◆ **What you need to do**: Copy out each entry below verbatim, skipping the images.

◆ **Given data**:
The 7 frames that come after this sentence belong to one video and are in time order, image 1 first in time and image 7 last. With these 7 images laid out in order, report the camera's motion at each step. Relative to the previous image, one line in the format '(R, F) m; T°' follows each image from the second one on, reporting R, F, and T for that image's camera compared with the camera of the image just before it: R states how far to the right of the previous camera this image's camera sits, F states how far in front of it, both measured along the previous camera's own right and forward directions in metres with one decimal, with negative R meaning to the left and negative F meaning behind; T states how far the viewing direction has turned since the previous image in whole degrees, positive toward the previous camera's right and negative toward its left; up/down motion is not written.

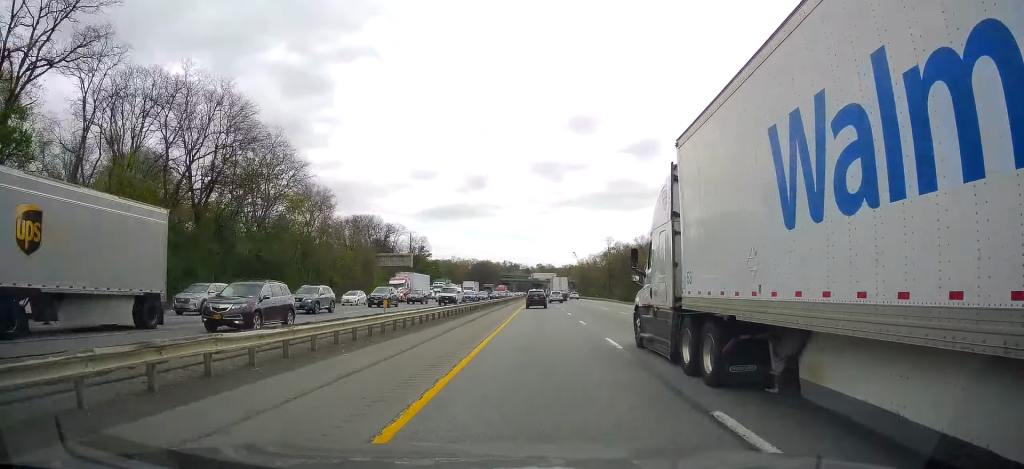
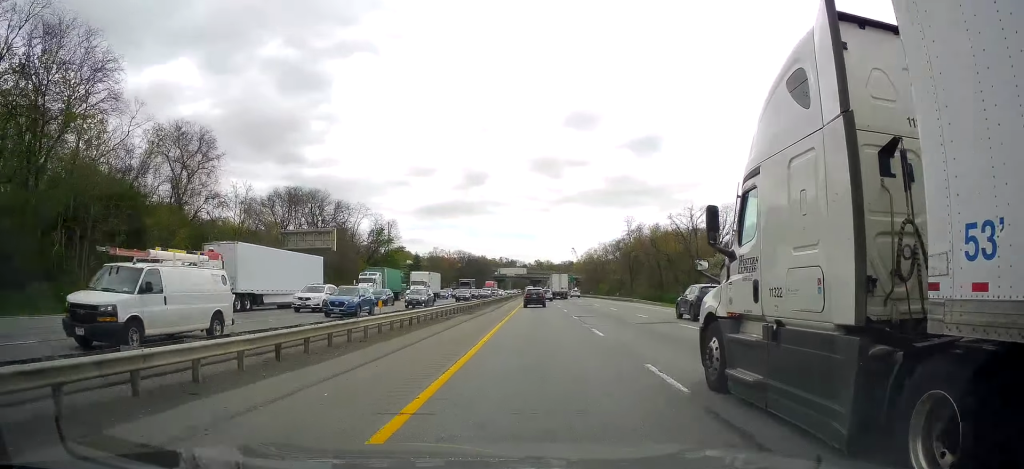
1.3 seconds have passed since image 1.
(+0.4, +40.7) m; +1°
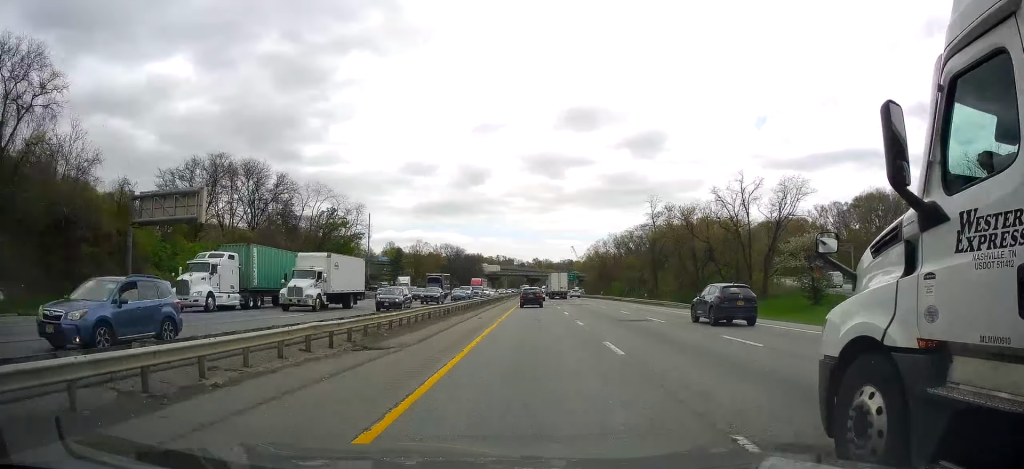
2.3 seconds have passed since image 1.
(-0.2, +28.2) m; 0°
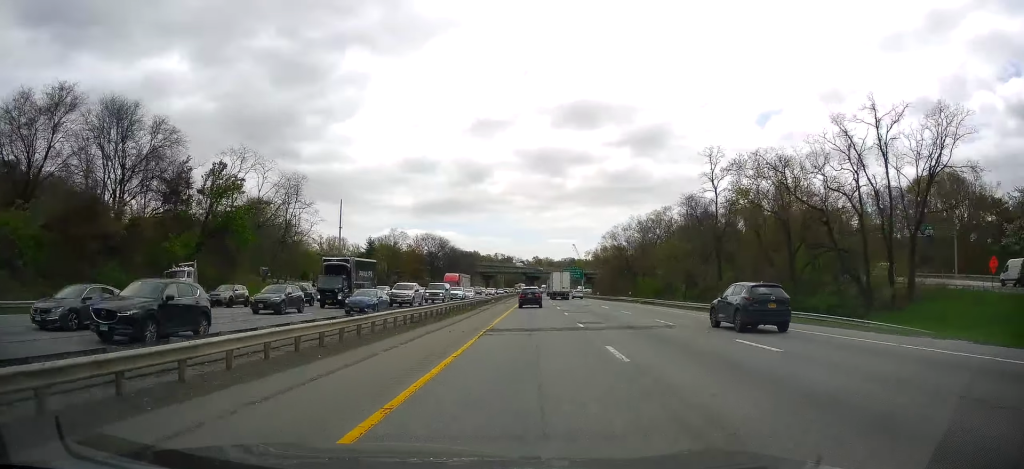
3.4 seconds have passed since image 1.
(+0.2, +35.1) m; 0°
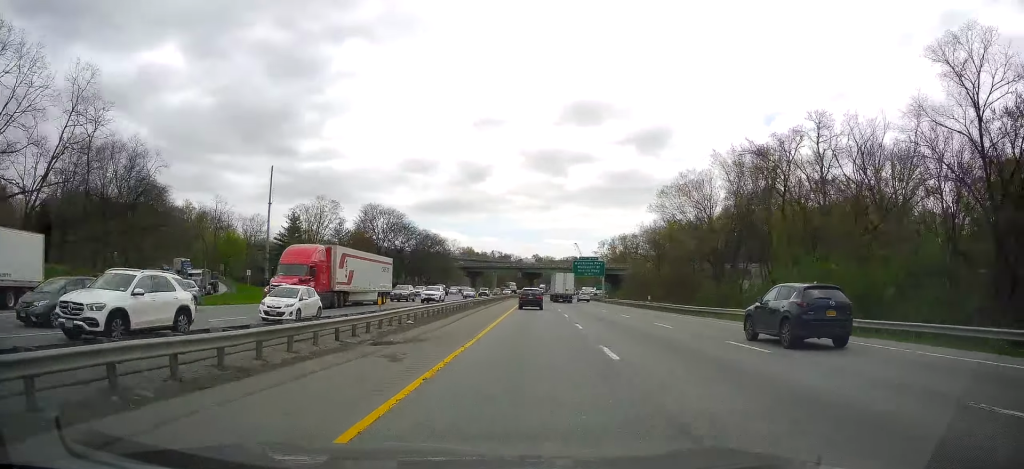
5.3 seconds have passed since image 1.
(-1.0, +55.6) m; -1°
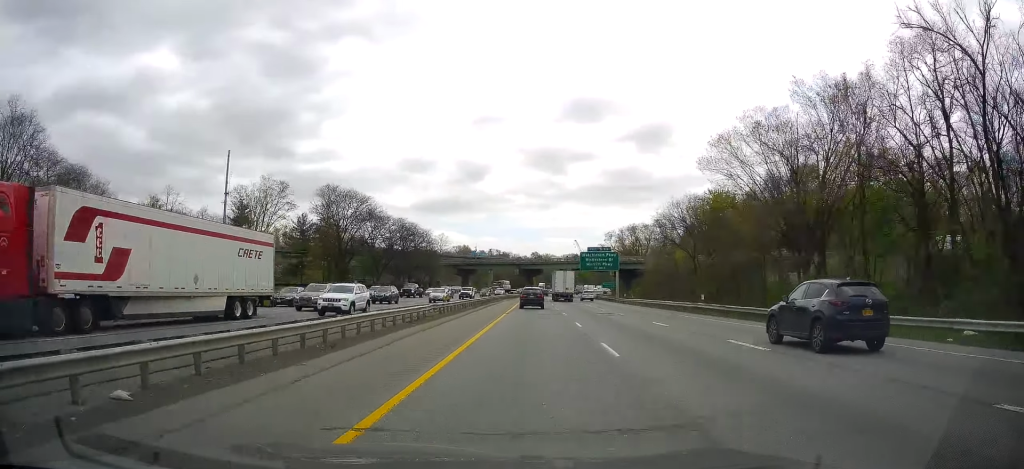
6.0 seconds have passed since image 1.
(+0.1, +21.5) m; +1°
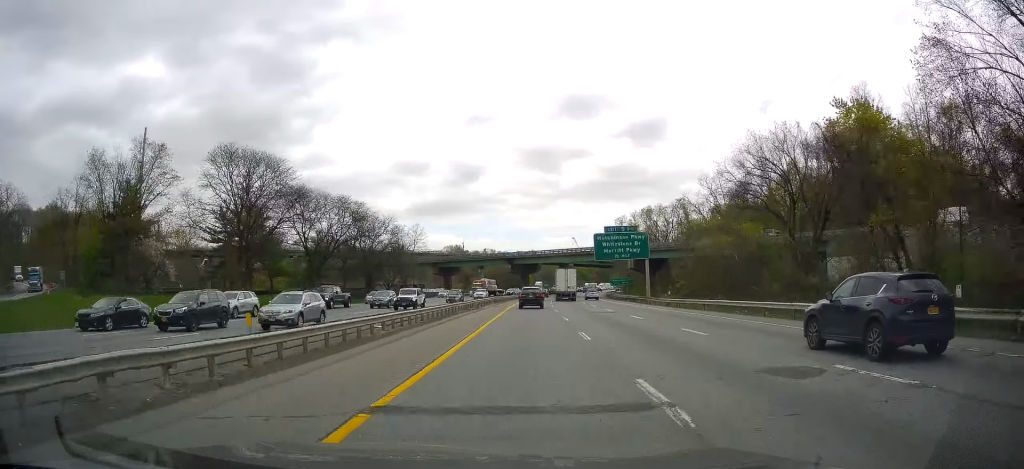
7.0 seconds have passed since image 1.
(+0.3, +29.3) m; +1°
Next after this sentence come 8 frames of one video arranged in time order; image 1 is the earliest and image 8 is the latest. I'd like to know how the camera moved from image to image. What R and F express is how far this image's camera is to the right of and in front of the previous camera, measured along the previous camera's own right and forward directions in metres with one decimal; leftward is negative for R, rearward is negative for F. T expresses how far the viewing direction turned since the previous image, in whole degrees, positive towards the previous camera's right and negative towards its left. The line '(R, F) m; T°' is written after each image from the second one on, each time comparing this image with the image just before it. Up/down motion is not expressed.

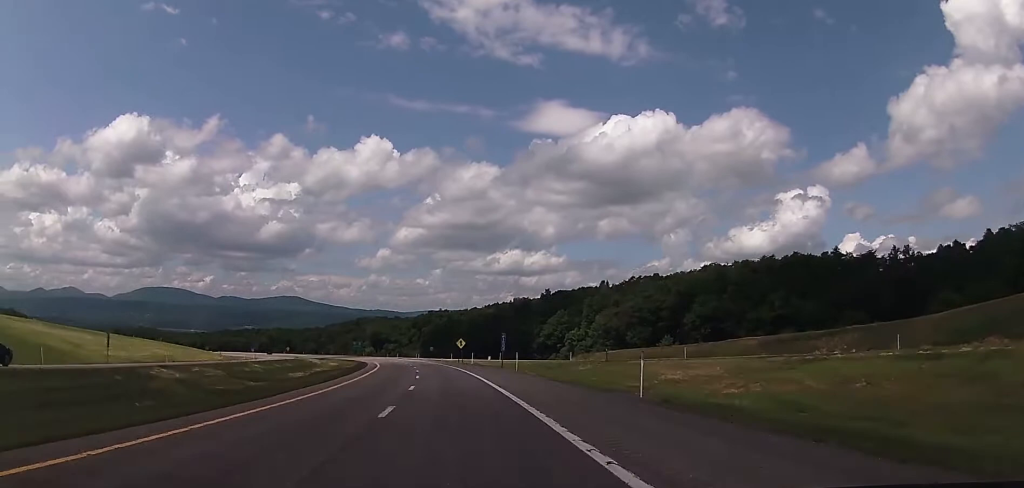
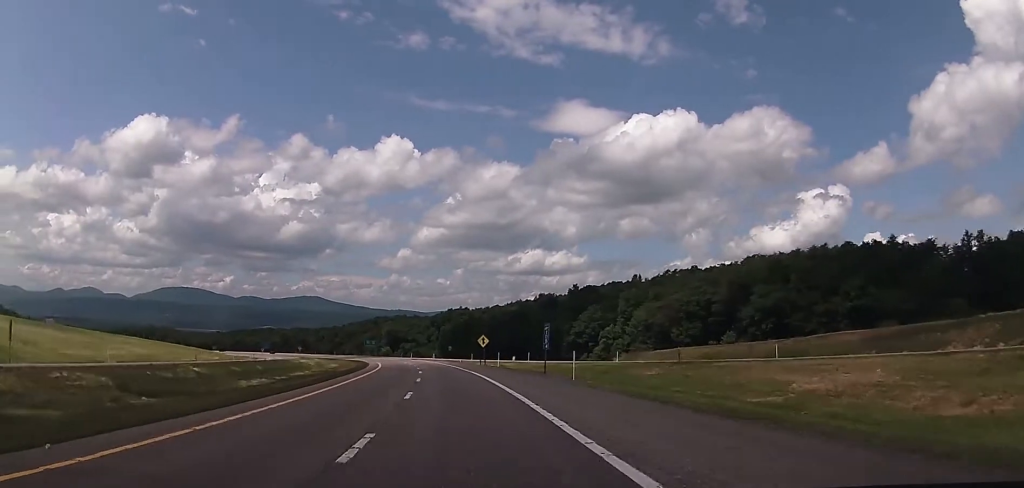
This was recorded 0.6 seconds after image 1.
(-0.2, +18.6) m; -2°
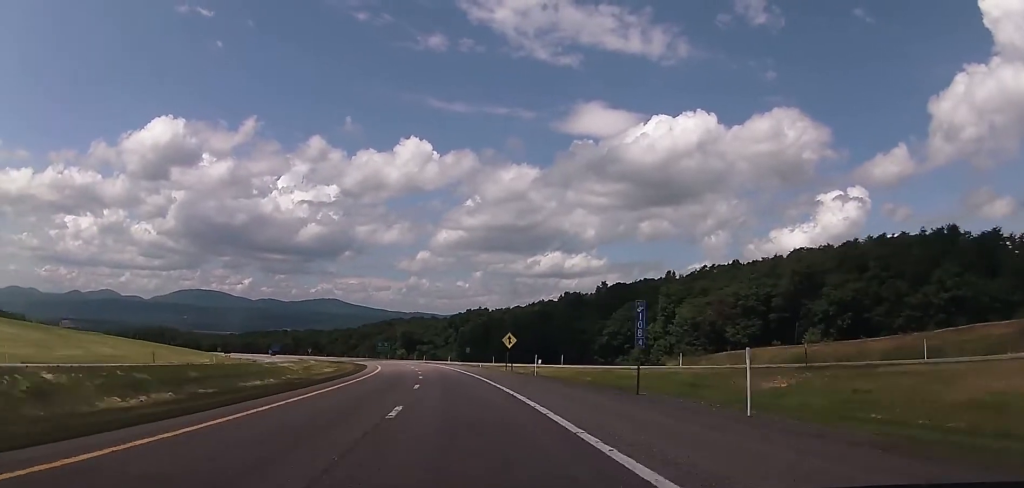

◆ **Response below**:
The 7 frames that come after this sentence belong to one video and are in time order, image 1 first in time and image 7 last. With these 7 images laid out in order, report the camera's motion at each step. Relative to the previous image, one line in the format '(R, F) m; T°' follows each image from the second one on, reporting R, F, and T for that image's camera compared with the camera of the image just before it: R states how far to the right of the previous camera this image's camera sits, F states how far in front of it, both measured along the previous camera's own right and forward directions in metres with one decimal, with negative R meaning to the left and negative F meaning behind; T states how far the viewing direction has turned since the previous image in whole degrees, positive toward the previous camera's right and negative toward its left; up/down motion is not written.

1.3 seconds have passed since image 1.
(+0.4, +40.7) m; +1°
2.3 seconds have passed since image 1.
(-0.2, +28.2) m; 0°
3.4 seconds have passed since image 1.
(+0.2, +35.1) m; 0°
5.3 seconds have passed since image 1.
(-1.0, +55.6) m; -1°
6.0 seconds have passed since image 1.
(+0.1, +21.5) m; +1°
7.0 seconds have passed since image 1.
(+0.3, +29.3) m; +1°
Next after this sentence come 8 frames of one video arranged in time order; image 1 is the earliest and image 8 is the latest. I'd like to know how the camera moved from image to image. What R and F express is how far this image's camera is to the right of and in front of the previous camera, measured along the previous camera's own right and forward directions in metres with one decimal; leftward is negative for R, rearward is negative for F. T expresses how far the viewing direction turned since the previous image, in whole degrees, positive towards the previous camera's right and negative towards its left. The line '(R, F) m; T°' is written after each image from the second one on, each time comparing this image with the image just before it. Up/down motion is not expressed.

This was recorded 0.6 seconds after image 1.
(-0.2, +18.6) m; -2°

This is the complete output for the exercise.